_What the task requires_
Within the listing, each line that has the string "mask" should be copied.

_Recorded data_
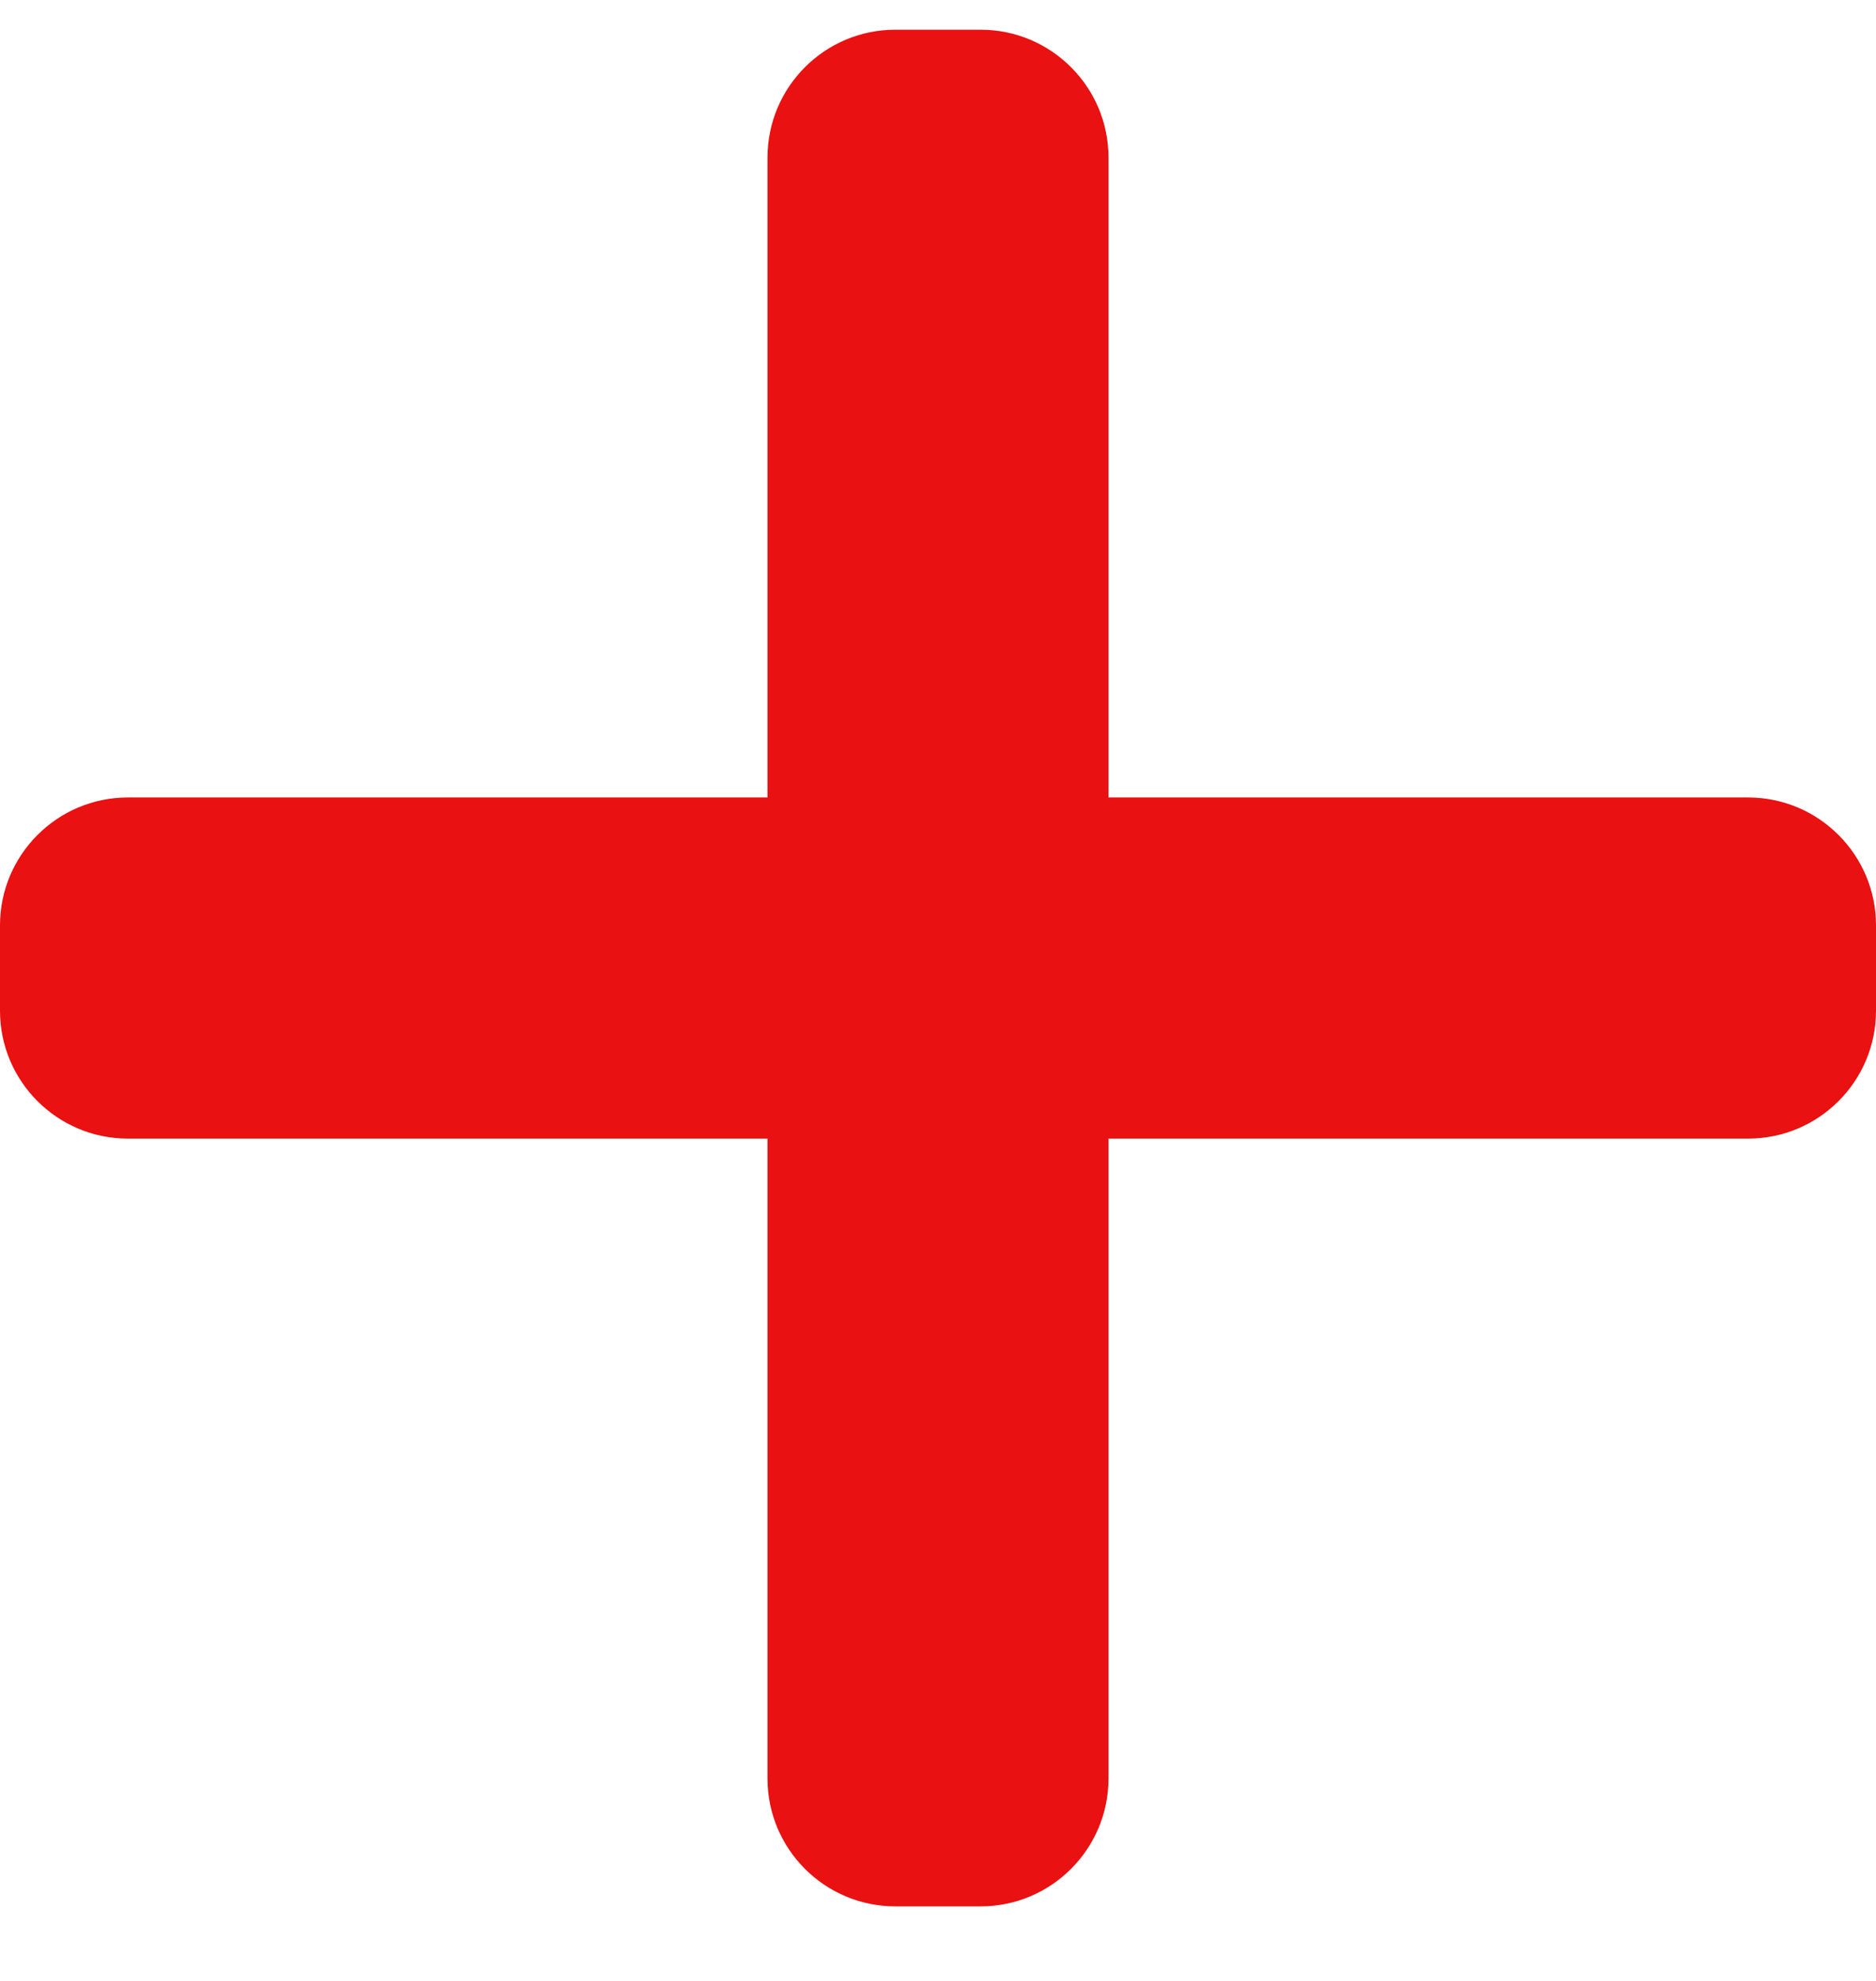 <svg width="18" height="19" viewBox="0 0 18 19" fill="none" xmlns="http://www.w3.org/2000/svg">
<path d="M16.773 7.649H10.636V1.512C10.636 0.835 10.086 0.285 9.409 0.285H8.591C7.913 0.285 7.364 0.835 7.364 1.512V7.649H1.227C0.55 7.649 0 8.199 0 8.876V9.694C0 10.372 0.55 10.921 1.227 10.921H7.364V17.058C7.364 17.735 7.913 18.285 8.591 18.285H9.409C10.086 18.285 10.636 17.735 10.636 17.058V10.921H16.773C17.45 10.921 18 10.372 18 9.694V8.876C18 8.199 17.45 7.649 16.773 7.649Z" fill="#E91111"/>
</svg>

--

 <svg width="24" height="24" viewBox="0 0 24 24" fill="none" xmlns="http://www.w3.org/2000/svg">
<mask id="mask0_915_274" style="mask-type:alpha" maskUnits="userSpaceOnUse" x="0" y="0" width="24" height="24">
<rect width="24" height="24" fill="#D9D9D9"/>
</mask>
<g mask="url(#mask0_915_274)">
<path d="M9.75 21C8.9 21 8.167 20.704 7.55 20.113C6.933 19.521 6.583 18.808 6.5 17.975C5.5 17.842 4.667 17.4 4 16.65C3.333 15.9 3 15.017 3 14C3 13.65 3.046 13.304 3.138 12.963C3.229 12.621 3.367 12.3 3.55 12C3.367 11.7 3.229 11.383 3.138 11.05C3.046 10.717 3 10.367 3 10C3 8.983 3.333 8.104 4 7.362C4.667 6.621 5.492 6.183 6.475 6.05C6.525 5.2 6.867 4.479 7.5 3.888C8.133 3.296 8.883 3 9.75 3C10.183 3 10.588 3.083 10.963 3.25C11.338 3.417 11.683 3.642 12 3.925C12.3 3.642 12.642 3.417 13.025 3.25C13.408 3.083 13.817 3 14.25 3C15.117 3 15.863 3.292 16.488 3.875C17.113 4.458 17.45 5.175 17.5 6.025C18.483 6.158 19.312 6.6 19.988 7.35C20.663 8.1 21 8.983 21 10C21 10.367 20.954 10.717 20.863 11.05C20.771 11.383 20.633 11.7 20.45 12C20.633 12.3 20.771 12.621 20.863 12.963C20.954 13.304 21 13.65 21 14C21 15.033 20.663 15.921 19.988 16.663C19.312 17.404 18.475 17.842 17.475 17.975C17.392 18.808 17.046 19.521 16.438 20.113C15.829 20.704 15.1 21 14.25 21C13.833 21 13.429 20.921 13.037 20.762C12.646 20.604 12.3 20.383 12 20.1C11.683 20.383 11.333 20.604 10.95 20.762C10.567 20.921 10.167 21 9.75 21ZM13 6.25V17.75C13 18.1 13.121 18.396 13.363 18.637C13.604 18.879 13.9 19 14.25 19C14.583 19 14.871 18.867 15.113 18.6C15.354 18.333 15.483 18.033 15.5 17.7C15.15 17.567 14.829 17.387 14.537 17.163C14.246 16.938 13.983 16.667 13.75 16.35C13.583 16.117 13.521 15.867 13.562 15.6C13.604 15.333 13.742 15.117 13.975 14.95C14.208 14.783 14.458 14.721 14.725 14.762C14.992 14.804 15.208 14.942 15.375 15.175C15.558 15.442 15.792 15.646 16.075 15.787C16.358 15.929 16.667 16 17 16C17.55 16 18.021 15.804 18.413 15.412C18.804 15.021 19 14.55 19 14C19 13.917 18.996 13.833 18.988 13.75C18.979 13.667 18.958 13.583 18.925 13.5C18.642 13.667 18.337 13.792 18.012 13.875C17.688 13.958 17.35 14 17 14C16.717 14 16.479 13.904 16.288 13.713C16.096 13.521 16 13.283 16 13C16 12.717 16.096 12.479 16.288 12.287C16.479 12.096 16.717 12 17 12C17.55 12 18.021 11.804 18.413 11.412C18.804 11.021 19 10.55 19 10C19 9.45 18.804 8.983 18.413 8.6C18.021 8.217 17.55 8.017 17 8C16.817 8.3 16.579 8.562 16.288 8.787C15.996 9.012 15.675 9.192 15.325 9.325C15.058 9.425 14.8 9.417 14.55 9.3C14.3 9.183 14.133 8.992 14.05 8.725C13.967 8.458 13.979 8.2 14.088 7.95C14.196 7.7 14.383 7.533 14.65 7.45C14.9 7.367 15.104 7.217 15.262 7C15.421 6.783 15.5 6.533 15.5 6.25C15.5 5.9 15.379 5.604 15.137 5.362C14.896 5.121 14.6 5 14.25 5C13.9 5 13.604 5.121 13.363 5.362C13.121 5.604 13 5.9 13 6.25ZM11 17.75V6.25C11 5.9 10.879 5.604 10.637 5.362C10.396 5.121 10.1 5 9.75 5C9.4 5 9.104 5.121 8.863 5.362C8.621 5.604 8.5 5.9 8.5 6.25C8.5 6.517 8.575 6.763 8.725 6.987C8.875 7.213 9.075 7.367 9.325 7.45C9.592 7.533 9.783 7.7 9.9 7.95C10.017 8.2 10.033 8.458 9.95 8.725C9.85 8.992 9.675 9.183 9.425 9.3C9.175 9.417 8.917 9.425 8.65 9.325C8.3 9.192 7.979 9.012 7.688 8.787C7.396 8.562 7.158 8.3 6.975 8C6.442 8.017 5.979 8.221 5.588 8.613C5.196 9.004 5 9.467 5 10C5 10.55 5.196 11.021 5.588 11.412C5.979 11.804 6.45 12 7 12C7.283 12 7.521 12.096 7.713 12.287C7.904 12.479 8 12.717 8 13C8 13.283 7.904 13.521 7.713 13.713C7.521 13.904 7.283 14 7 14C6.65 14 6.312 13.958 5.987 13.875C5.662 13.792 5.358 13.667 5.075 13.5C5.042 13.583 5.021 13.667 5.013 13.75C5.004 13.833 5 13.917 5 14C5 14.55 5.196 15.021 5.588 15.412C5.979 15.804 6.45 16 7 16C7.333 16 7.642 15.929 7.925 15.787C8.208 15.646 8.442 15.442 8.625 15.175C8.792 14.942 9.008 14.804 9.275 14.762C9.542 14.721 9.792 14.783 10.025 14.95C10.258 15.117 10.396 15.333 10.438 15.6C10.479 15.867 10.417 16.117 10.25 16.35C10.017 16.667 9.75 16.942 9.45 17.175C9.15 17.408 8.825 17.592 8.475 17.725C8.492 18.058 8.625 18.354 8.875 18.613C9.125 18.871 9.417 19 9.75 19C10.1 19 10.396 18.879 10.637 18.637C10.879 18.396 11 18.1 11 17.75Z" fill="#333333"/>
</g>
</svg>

_Result for this task_
<mask id="mask0_915_274" style="mask-type:alpha" maskUnits="userSpaceOnUse" x="0" y="0" width="24" height="24">
</mask>
<g mask="url(#mask0_915_274)">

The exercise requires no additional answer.